Data records:
+-------+

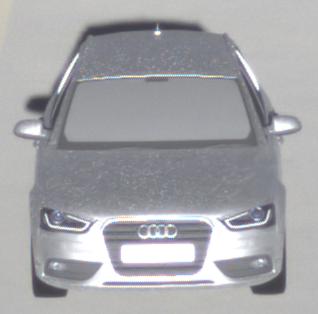
Make: Audi
Model: A4 Avant 1.8 TFSI
Detailed model: A4 (B8) Avant
Model produced from: 2012/02
Model produced until: 2015/04
Doors: 5
Color: white
Road condition: dry road
Daytime: sunrise or sunset
Contrast: high contrast
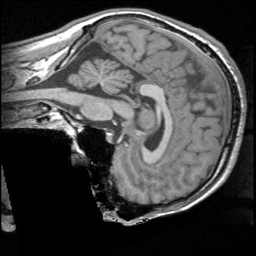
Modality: T1w
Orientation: sagittal
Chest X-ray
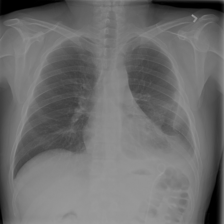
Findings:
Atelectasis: positive
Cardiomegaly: negative
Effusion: positive
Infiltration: negative
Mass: negative
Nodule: negative
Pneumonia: negative
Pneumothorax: positive
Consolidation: negative
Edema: negative
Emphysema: negative
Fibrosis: negative
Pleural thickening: negative
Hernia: negative
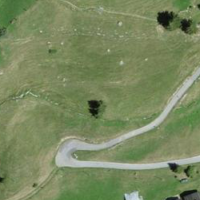
EUNIS habitat code: 26
Species observed at this site:
Geum montanum
Phyteuma orbiculare
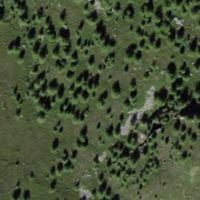
EUNIS habitat code: 43
Species observed at this site:
Corvus corone
Oenanthe oenanthe
Linaria cannabina
Anthus spinoletta
Troglodytes troglodytes
Chloris chloris
Turdus viscivorus
Fringilla coelebs
Turdus torquatus
Turdus merula
Phylloscopus collybita
Saxicola rubetra
Aquila chrysaetos
Turdus pilaris
Phoenicurus ochruros
Sitta europaea
Nucifraga caryocatactes
Certhia familiaris
Cinclus cinclus
Periparus ater
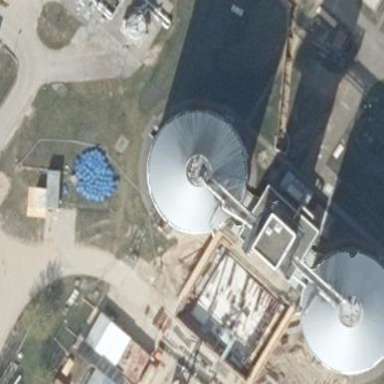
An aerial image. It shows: Storage tank building.
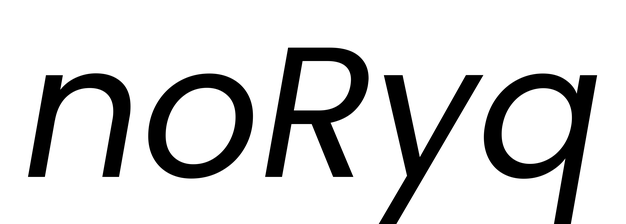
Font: Poppins-Italic
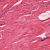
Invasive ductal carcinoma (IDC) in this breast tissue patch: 0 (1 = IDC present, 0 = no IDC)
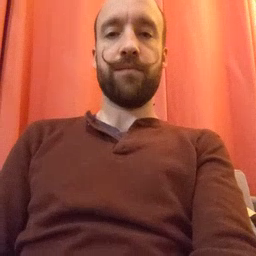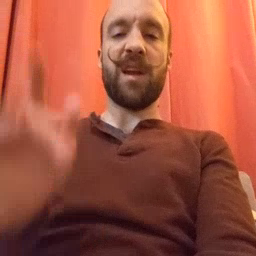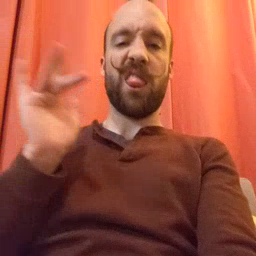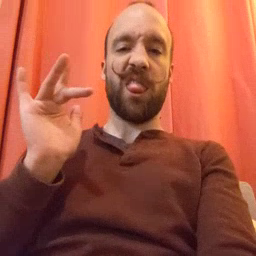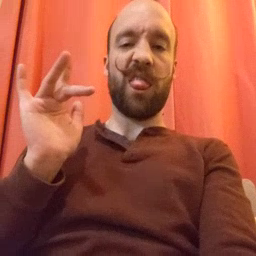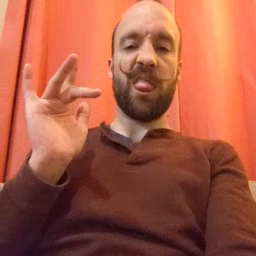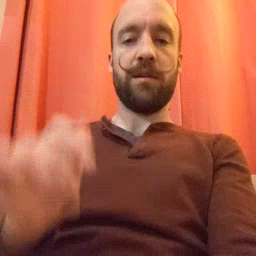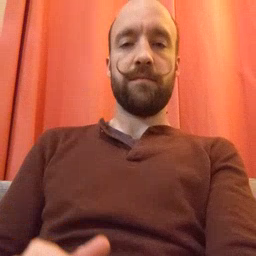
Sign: yucky
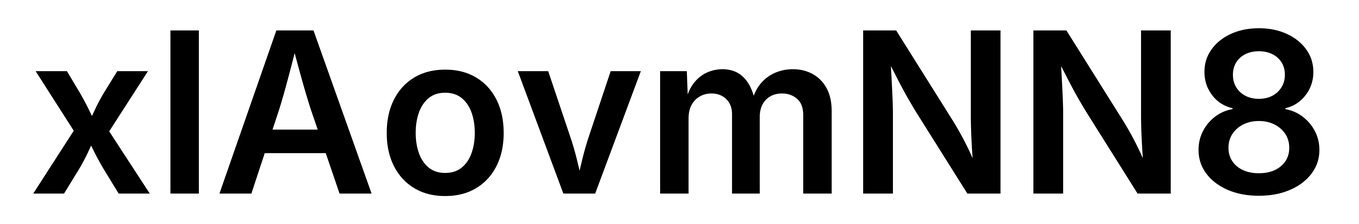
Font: Inter_SemiBold
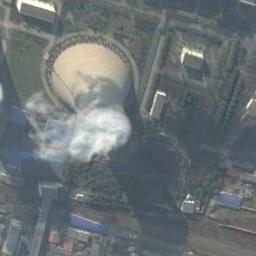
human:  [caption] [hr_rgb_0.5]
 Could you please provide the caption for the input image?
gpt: There are many buildings of different shapes next to the thermal power station .

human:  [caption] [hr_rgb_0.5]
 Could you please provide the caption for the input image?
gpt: Here are two thermal power stations, one of which is emitting smoke .

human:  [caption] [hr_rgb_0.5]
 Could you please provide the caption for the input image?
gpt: The thermal power station is next to some buildings and trees with white mist above .

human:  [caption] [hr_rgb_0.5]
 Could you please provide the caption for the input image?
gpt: There are simple buildings in a thermal power station, A cooling tower that is steaming, and a large green area around it .

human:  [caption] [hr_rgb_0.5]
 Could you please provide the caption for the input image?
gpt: There are some buildings and a chimney on the thermal power station .
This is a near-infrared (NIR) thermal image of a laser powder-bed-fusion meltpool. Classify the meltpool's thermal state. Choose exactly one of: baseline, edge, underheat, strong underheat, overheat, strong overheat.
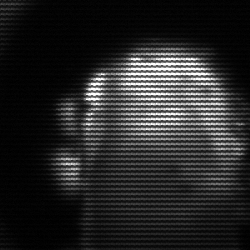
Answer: baseline
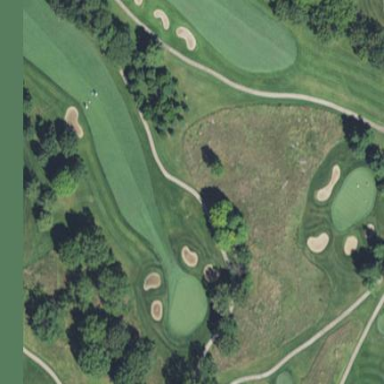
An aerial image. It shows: Golf fairway surrounded by grass.
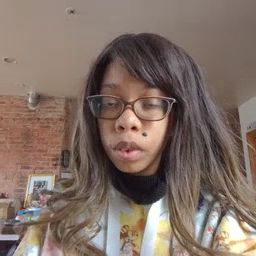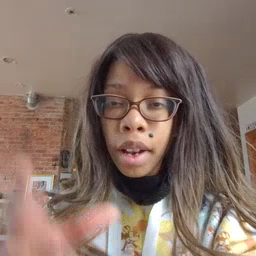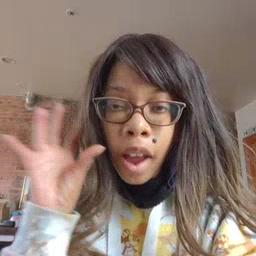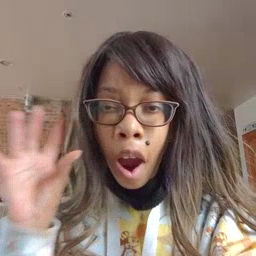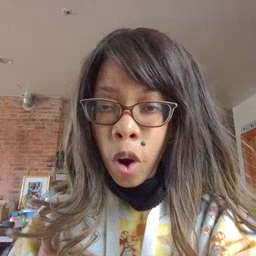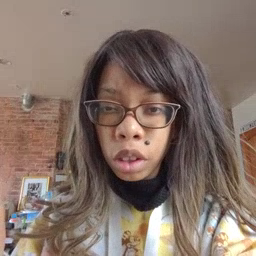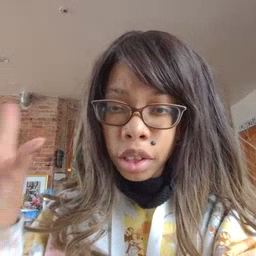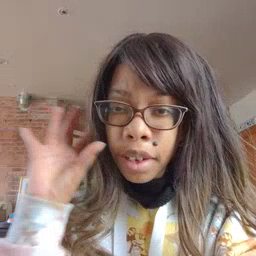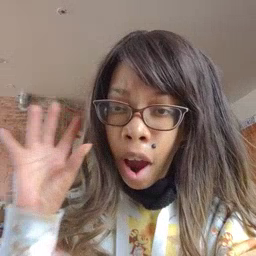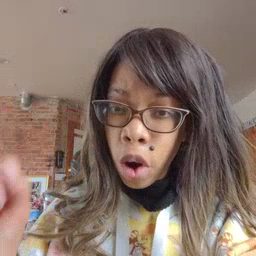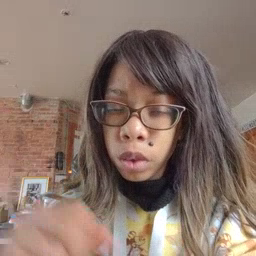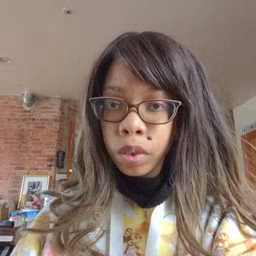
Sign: loud

+-------+

## Task requirements
Look through the entries for the string "baseline". Every line that has it belongs in the answer.

## Reply
This is a near-infrared (NIR) thermal image of a laser powder-bed-fusion meltpool. Classify the meltpool's thermal state. Choose exactly one of: baseline, edge, underheat, strong underheat, overheat, strong overheat.
Answer: baseline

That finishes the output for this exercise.